Exercise details » Wherever the line that contains "longitude: -1.7811" falls, repeat it and the lines after it exactly until the records end, without any pictures.

Materials provided »
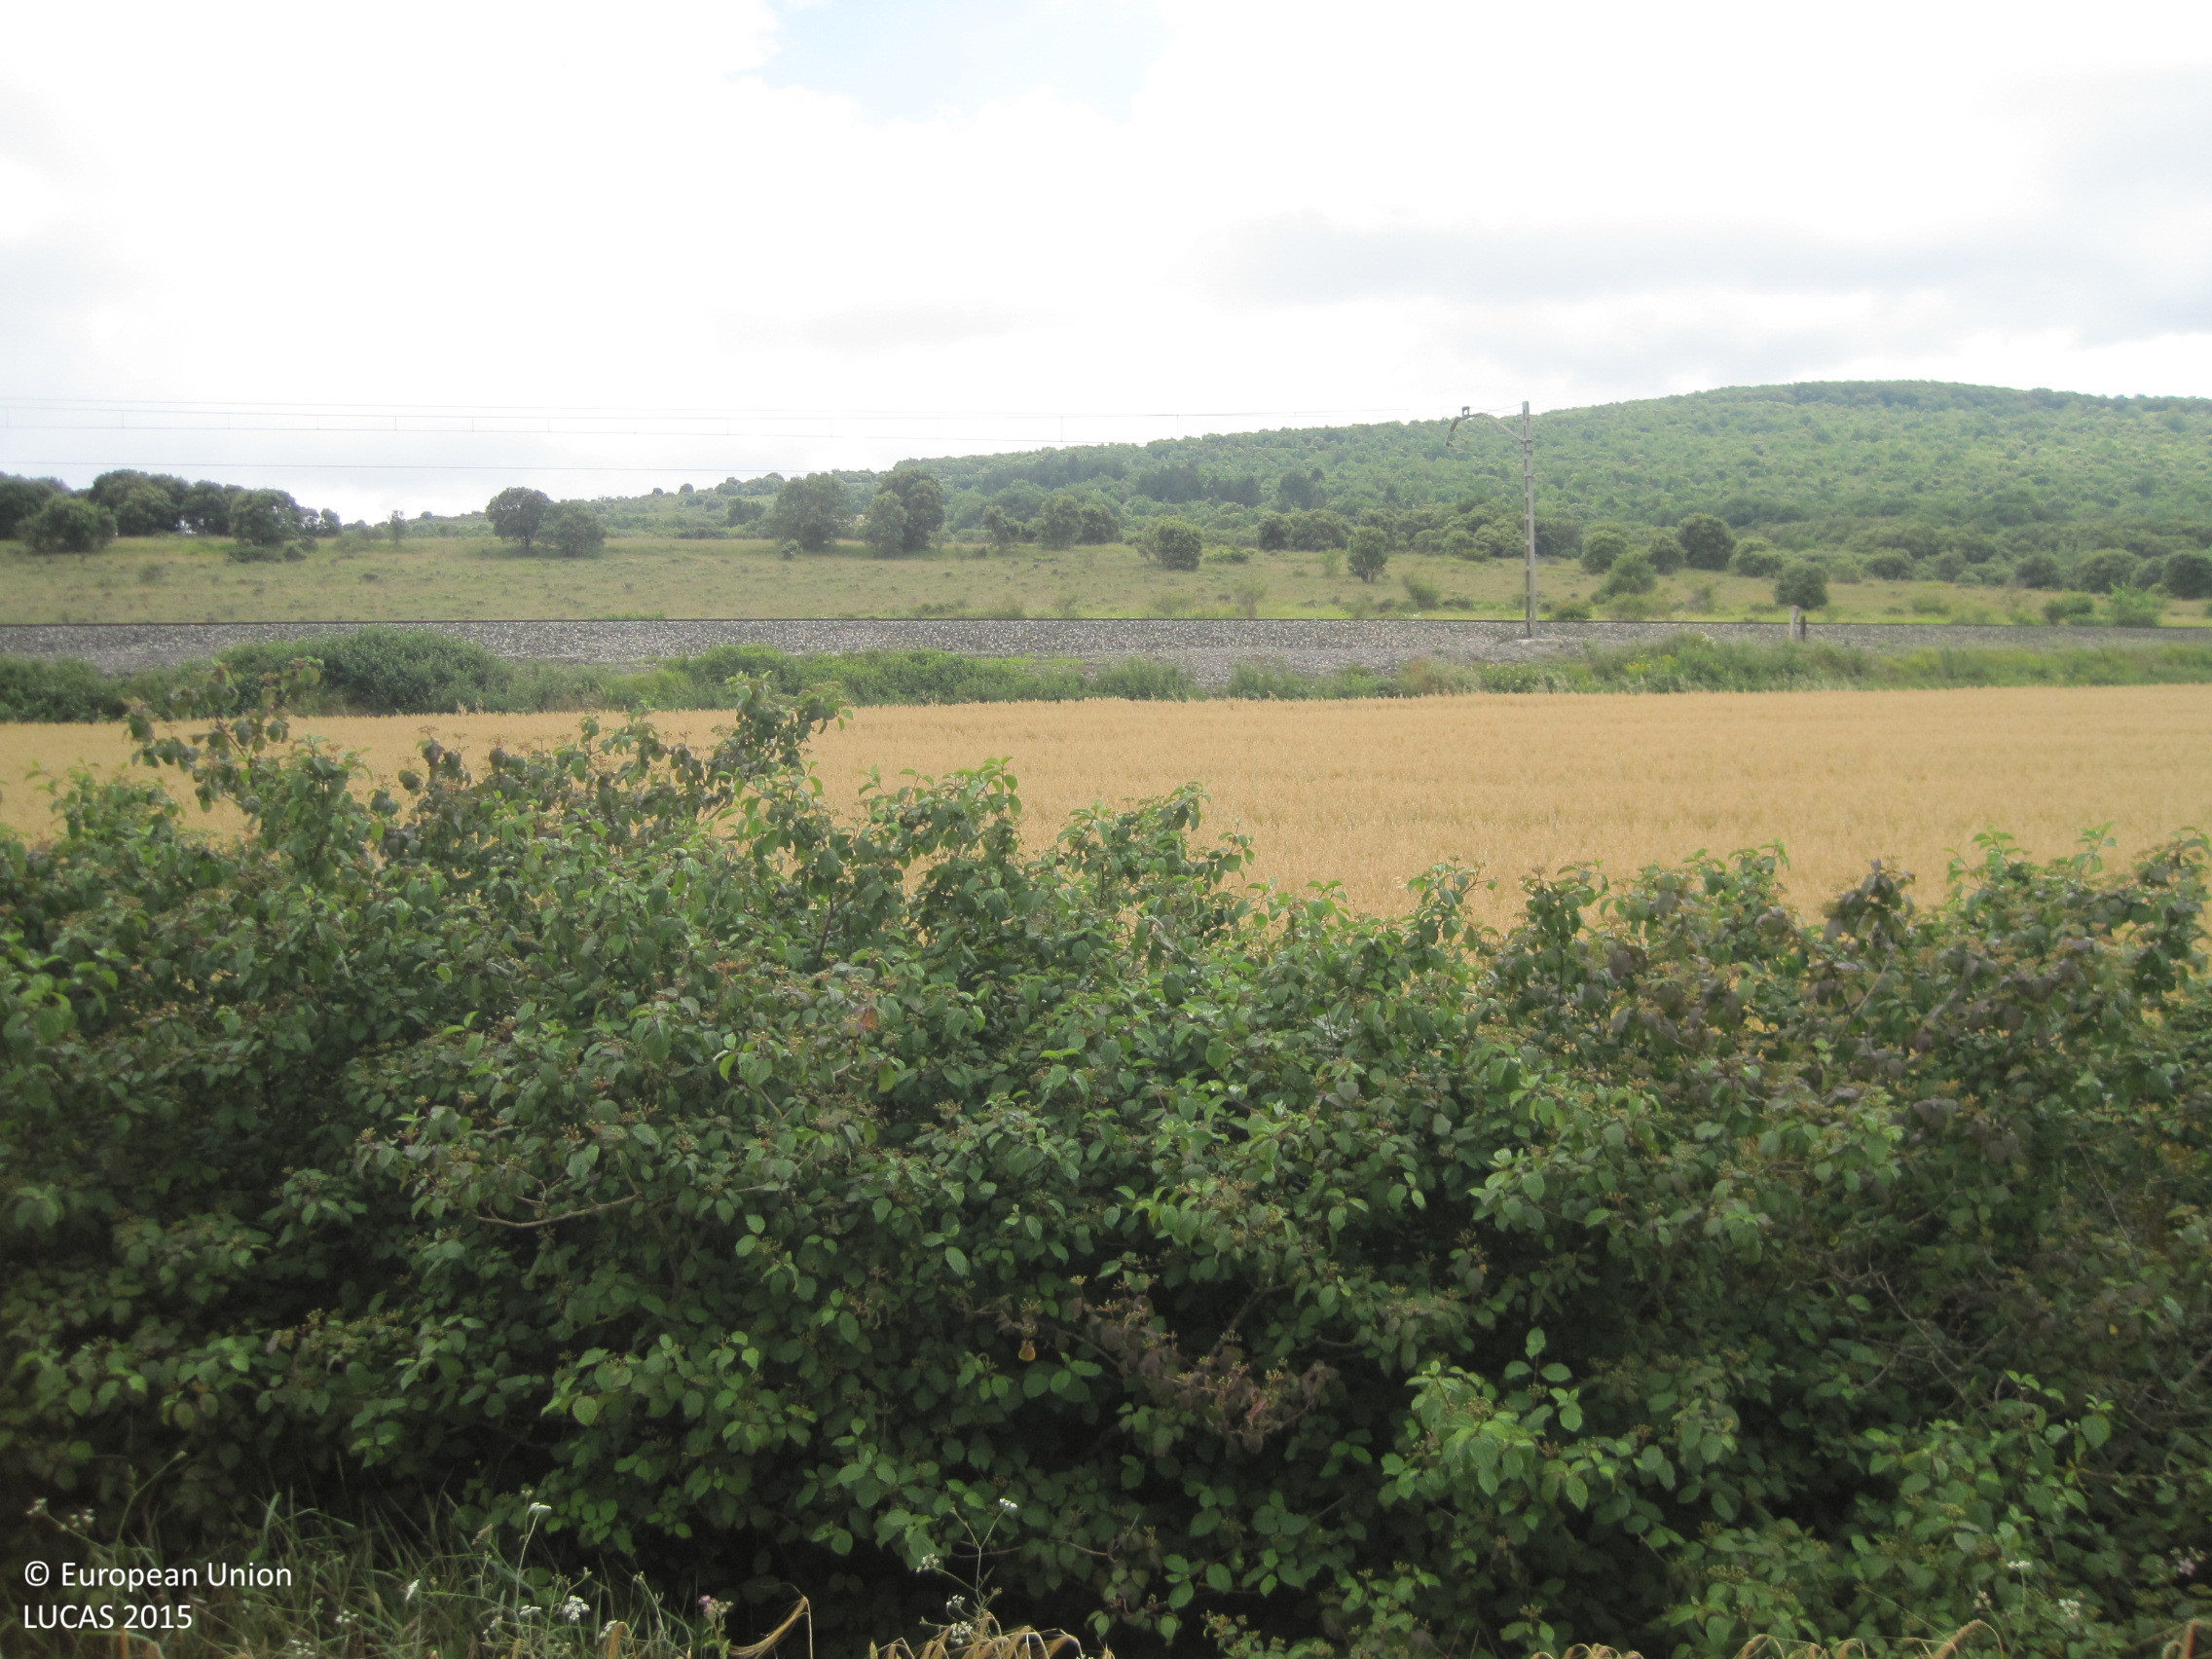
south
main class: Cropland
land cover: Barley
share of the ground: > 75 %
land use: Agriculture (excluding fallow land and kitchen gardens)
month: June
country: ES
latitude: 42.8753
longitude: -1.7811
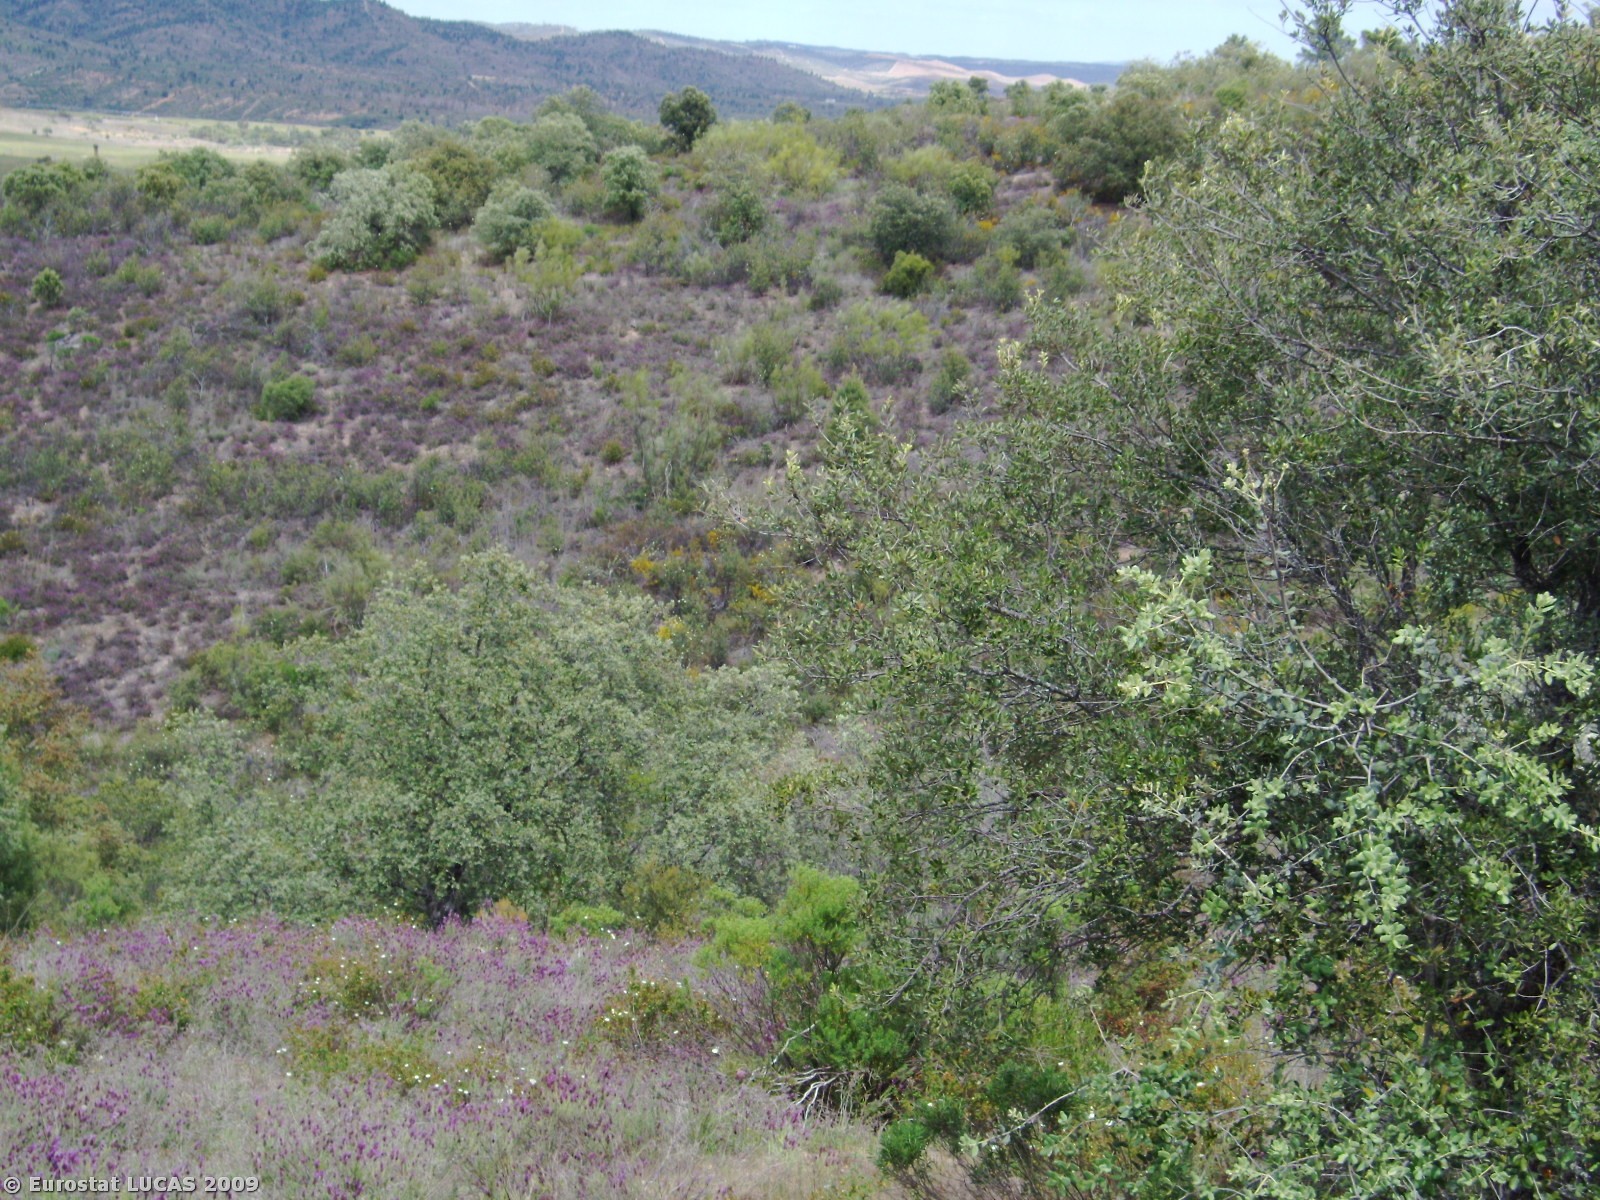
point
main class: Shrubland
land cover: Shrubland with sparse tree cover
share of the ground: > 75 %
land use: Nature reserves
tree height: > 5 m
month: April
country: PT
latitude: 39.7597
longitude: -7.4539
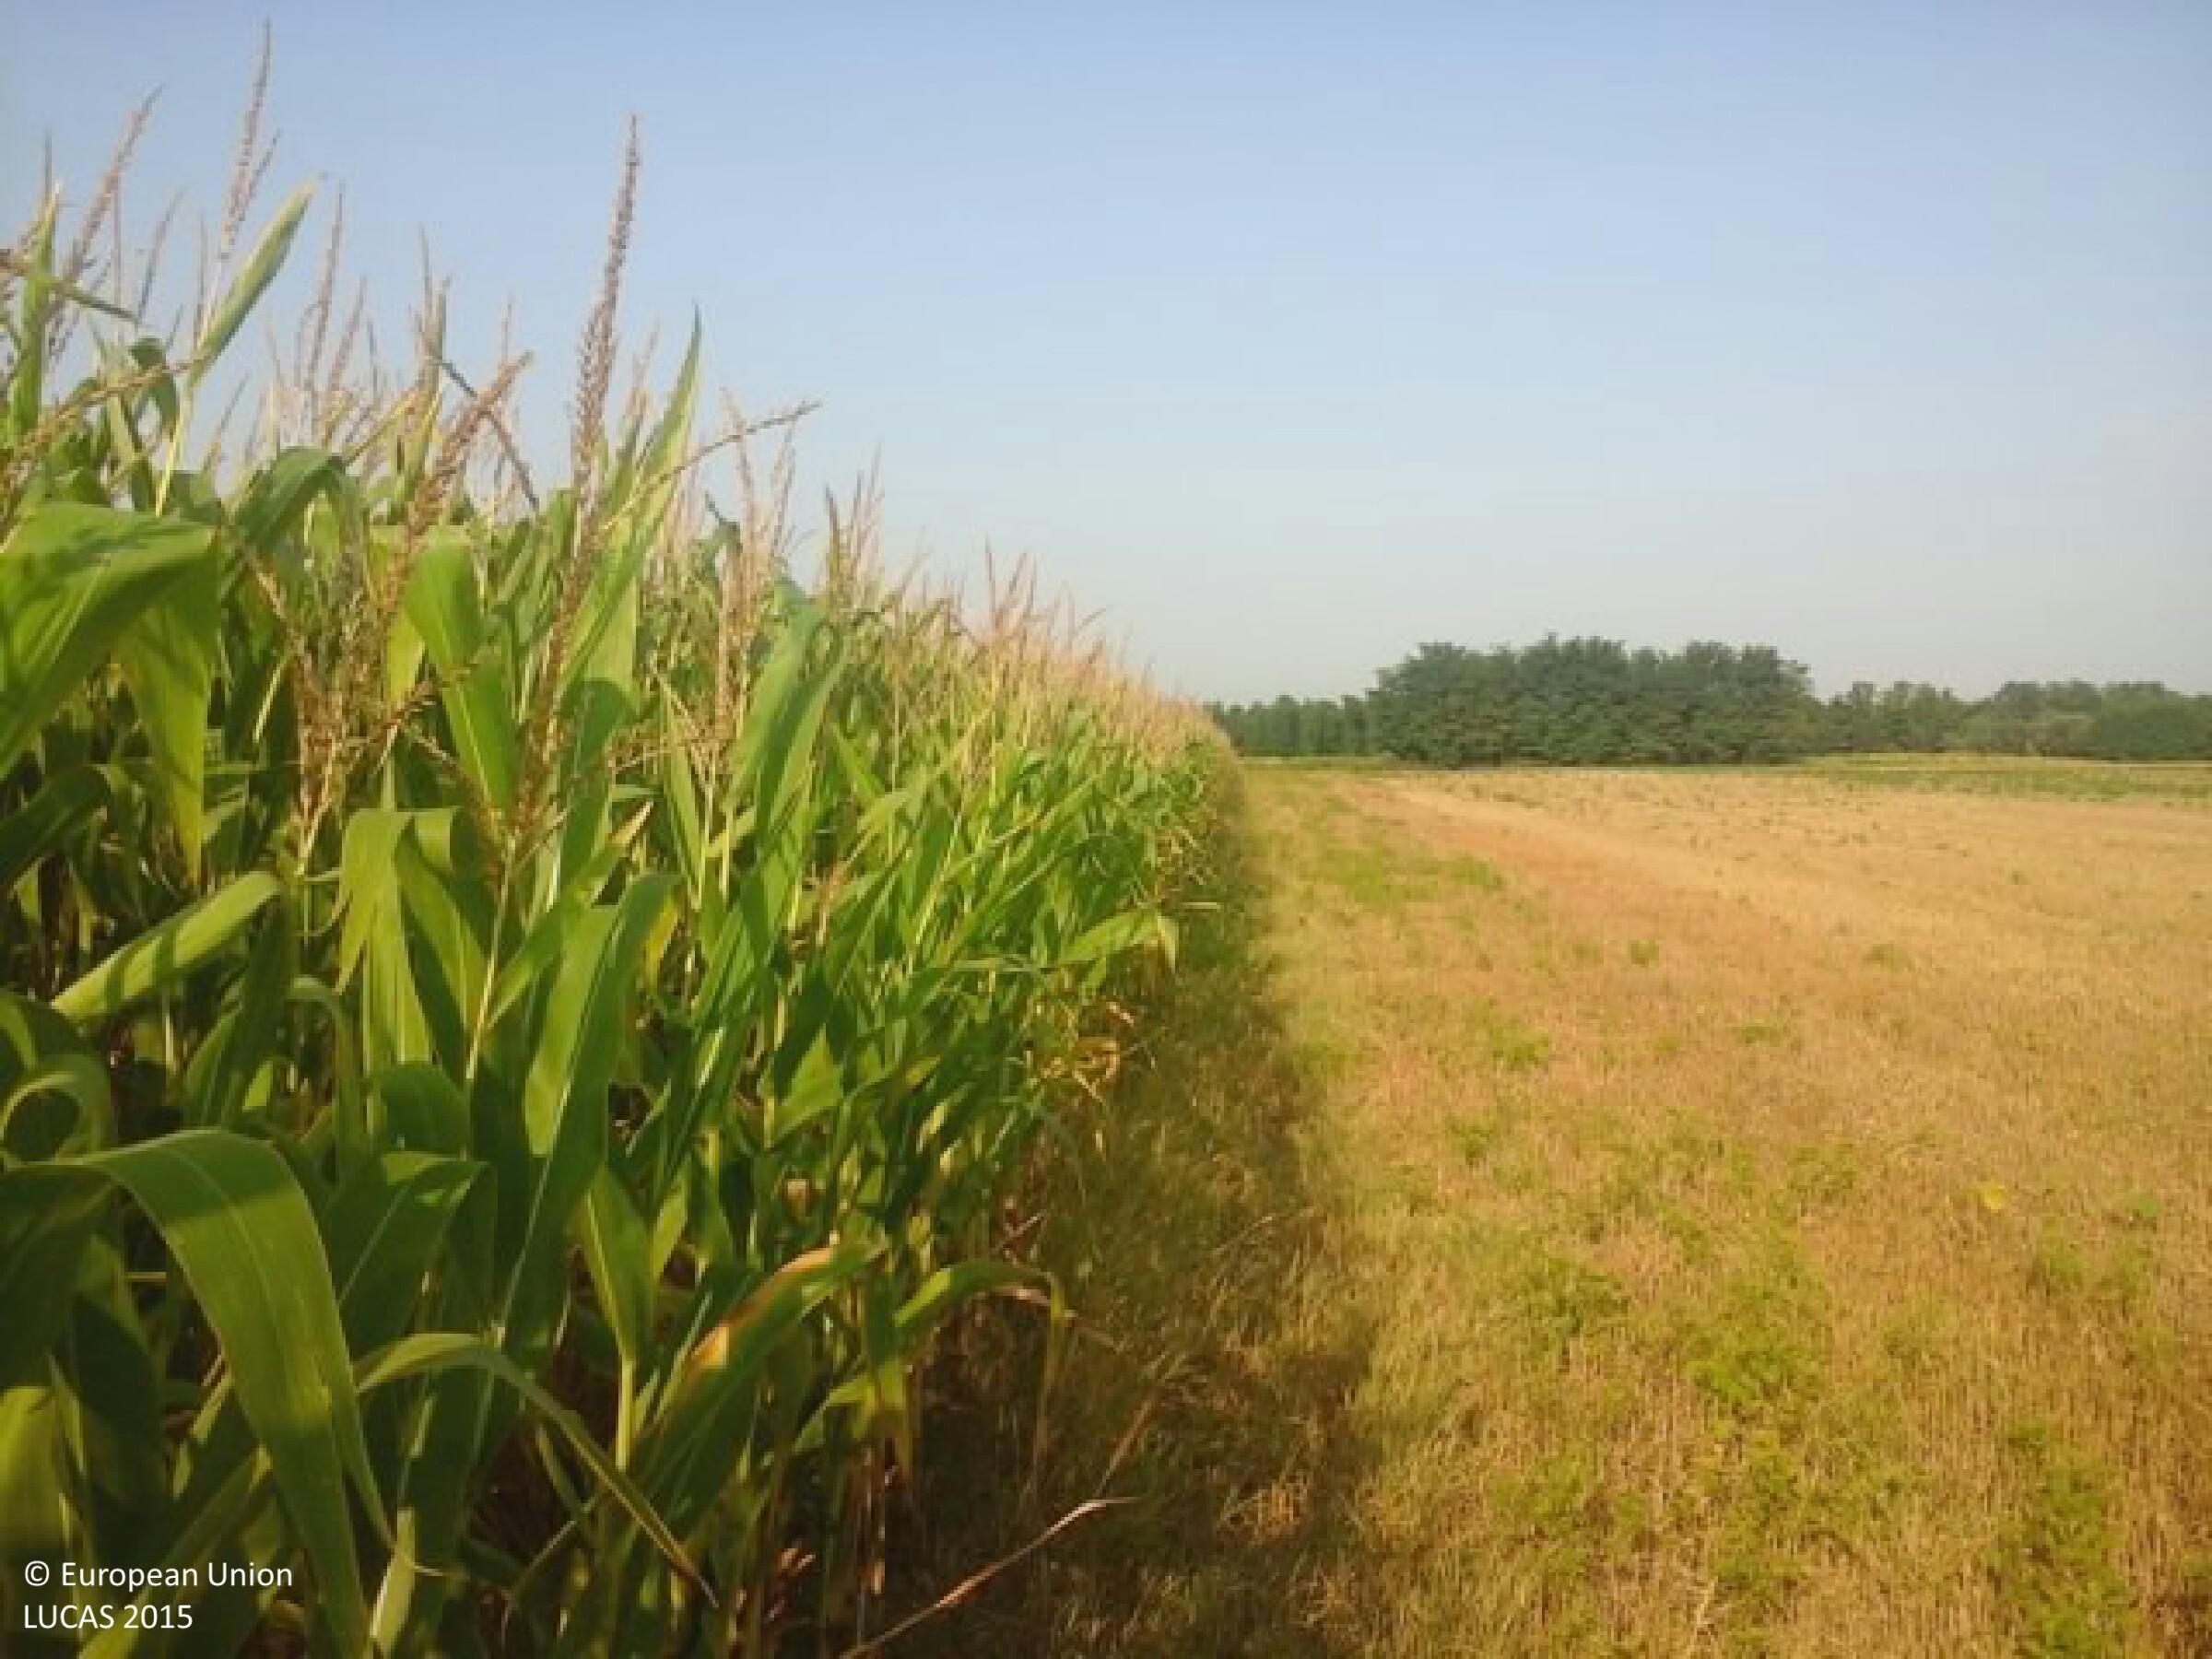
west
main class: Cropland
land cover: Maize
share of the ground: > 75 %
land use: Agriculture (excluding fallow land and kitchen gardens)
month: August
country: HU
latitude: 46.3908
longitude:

Answer to the problem »
longitude: -1.7811
point
main class: Shrubland
land cover: Shrubland with sparse tree cover
share of the ground: > 75 %
land use: Nature reserves
tree height: > 5 m
month: April
country: PT
latitude: 39.7597
longitude: -7.4539
west
main class: Cropland
land cover: Maize
share of the ground: > 75 %
land use: Agriculture (excluding fallow land and kitchen gardens)
month: August
country: HU
latitude: 46.3908
longitude:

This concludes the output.